Probability distribution: introduction

What are probability distributions?

Random numbers are not all the same, let’s compare two random events:

throw a dice
measure a physical quantity

They are both stochastic (i.e random) events, since, in general, we cannot forsee the result in a deterministic manner. Nevertheless, they are quite different:

the dice has, usually, six faces and they are all equally probable to come out,
the measure can be any real number, but it should be quite similar to the real value of the quantity we are mesuring.

When we talk about a random experiment, we have to list all its possible outcomes and assign a probability to each of them. For example, in the case of throwing a dice this is quite simple: we have six possible outcomes and they all can happen with the same probability 1/6. This is an example of a discrete distribution, when the number of outcomes is finite or it is infinite but “not too big” (that is we can list all its elements, it is numerable). We can assign the probability as we wish, but they must be positive and their sum must always be exactly 1.

The example of the measure is a more difficult, so we will get to it a little bit at a time. An important detail is that it cannot be described by a discrete distribution, the possible outcomes are all the positive real numbers, which cannot be listed (they are not numerable).

Probability theory is a branch of mathematics, but there are some quite intersting topics that can be described from a computational point of view, for example:

simulate a random experiment, this can be useful to have a practical idea of what a distribution really means;
statistical tests, given a real world dataset undestand if it is extracted from some known distribution;
Montecarlo methods, which uses probabilistic methods to get result which would be really expensive using a deterministic methods.

In this series of posts we won’t give a formal definition of probability (for example using Kolmogorov axioms), we just need the statical interpretation: the probability of the event is the ratio of the number of outcomes in which a specified event occurs to the total number of trials (the number of trials has to be sufficiently big).

For the code examples we will use the Clojure programming language, but they can be adapted to every other programming language.

Simulation in the discrete and finite case

The building block to simulate a discrete distribution with a finite amount of outcomes is the function rand-int, which takes a integer number n and returns a random number from 0 to n-1. For the moment we assume that all the outcomes have the same probability 1/n, that is a uniform distribution.

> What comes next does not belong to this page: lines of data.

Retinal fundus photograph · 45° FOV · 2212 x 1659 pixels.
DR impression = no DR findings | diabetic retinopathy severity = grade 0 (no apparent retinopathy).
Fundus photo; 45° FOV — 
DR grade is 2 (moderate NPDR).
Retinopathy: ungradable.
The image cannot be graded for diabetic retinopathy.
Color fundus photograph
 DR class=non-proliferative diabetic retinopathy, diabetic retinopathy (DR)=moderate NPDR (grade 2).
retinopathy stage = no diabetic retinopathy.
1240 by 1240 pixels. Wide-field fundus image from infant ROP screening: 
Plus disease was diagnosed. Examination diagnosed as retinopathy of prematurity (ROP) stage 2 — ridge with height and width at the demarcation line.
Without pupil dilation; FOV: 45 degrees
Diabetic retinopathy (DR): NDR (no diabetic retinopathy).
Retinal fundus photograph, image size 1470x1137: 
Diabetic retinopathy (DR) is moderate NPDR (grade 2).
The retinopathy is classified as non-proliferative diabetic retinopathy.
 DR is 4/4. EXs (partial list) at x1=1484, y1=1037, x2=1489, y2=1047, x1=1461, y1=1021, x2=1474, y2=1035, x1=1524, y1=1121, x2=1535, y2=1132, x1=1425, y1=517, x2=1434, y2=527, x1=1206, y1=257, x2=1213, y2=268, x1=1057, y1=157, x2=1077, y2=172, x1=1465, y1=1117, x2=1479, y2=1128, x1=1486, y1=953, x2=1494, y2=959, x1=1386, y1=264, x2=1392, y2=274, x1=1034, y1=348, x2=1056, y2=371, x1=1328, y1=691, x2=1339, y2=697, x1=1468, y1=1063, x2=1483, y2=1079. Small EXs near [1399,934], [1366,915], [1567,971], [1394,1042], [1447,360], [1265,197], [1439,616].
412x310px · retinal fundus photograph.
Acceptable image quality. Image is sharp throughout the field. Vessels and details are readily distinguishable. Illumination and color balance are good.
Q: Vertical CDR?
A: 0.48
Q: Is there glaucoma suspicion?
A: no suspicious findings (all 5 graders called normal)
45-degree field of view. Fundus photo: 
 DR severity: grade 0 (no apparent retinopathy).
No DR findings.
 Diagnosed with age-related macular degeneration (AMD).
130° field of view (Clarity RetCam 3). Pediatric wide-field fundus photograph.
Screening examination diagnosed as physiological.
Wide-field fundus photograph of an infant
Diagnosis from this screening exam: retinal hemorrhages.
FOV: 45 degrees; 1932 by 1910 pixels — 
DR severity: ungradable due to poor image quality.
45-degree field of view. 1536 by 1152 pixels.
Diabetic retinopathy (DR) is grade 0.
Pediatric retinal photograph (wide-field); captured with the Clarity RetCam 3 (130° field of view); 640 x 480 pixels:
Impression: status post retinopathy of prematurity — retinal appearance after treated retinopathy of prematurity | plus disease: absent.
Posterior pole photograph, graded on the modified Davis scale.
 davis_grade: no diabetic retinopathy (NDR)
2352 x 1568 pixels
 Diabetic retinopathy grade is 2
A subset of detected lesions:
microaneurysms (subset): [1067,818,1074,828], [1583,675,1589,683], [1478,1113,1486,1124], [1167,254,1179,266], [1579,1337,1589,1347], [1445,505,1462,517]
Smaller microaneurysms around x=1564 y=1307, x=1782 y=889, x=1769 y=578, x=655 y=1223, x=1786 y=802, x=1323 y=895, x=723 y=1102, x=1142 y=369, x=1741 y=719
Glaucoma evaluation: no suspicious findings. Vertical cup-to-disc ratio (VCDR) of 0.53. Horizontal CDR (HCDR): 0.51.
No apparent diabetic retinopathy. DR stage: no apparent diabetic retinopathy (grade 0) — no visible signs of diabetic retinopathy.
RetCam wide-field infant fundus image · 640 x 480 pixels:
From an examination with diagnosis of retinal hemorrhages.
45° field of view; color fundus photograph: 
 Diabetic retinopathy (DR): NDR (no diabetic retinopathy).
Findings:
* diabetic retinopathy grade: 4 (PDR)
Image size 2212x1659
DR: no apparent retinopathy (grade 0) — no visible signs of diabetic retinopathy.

If the range is not [0,n) but a generic [mi, ma], we just have to create a random in [0, ma-mi] and translate if of mi. We can easily define the function

(defn uniform
  ([n]
   (rand-int n))
  ([mi ma]
   (+ mi (uniform (- ma mi)))))

More in general, we can estract from a set of elements. To do so, we convert the set to a vector (we assign an index to each element) and then we extract at a random index. The previous function, now becomes:

(defn uniform
  ([x]
   (cond
     (integer? x) (rand-int x)
     (vector? x) (x (uniform (count x)))
     (set? x) (uniform (vec x))))
  ([mi ma]
   (+ mi (uniform (- ma mi)))))

We end with a more general distribution, in which the element do not have all the same probability (it is not uniform). For example we could assign a weight to each element in the sample space. A loaded dice is one in which not all faces appear with the same probability. For example, in which the number 1 has double probability with respect to the other elements to appear could be represented as

[
    { :item 1 :weight 2}
    { :item 2 :weight 1}
    { :item 3 :weight 1}
    { :item 4 :weight 1}
    { :item 5 :weight 1}
    { :item 6 :weight 1}
]

One possible solution is to build a vector with the cumulative sums of the first i weights, then we generate a uniform random from 0 to the sum of weights and with a search (if the set is big, we should use a binary search) we identify the correct element.

We start by implementing the code that builds the cumulative sums

(defn- build-cumulative-weights [weighted-items]
  (loop [rems weighted-items news [] cum 0]
    (if (empty? rems) news
        (let [{:keys [item weight]} (first rems)
              newcum (+ cum weight)]
          (recur (rest rems)
                 (conj news {:item item :weight newcum})
                 newcum)))))

Then we need a function that returns the last index that satisfy a specific condition (for simplicity we use a linear search, but if the set is big, a binary search would be better)

(defn- first-satisfying
  [pred coll]
  (loop [idx 0]
    (if (>= idx (count coll))
      nil
      (if (pred (nth coll idx))
        idx
        (recur (inc idx))))))

Finally, we can implement the function to pick the random value

(defn pick-item [weighted-items]
  (let [cumulative-items (build-cumulative-weights weighted-items)
        total ((last cumulative-items) :weight)
        random-weight (uniform total)]
    ((cumulative-items
      (first-satisfying #(< random-weight (% :weight))
                        cumulative-items))
     :item)))

We can verify that it works running the previous code a large number of times, if we run it 1000 times we expect that 1 will appear about (* 2 (/ 1000 7)) times

(count (filter #(= % 1)(repeatedly 1000 #(pick-item loaded-dice))))

Conclusions

For today this is all, we have briefly introduced the concept of probability distribution and then we have seen how to implement some basic one using finite sets.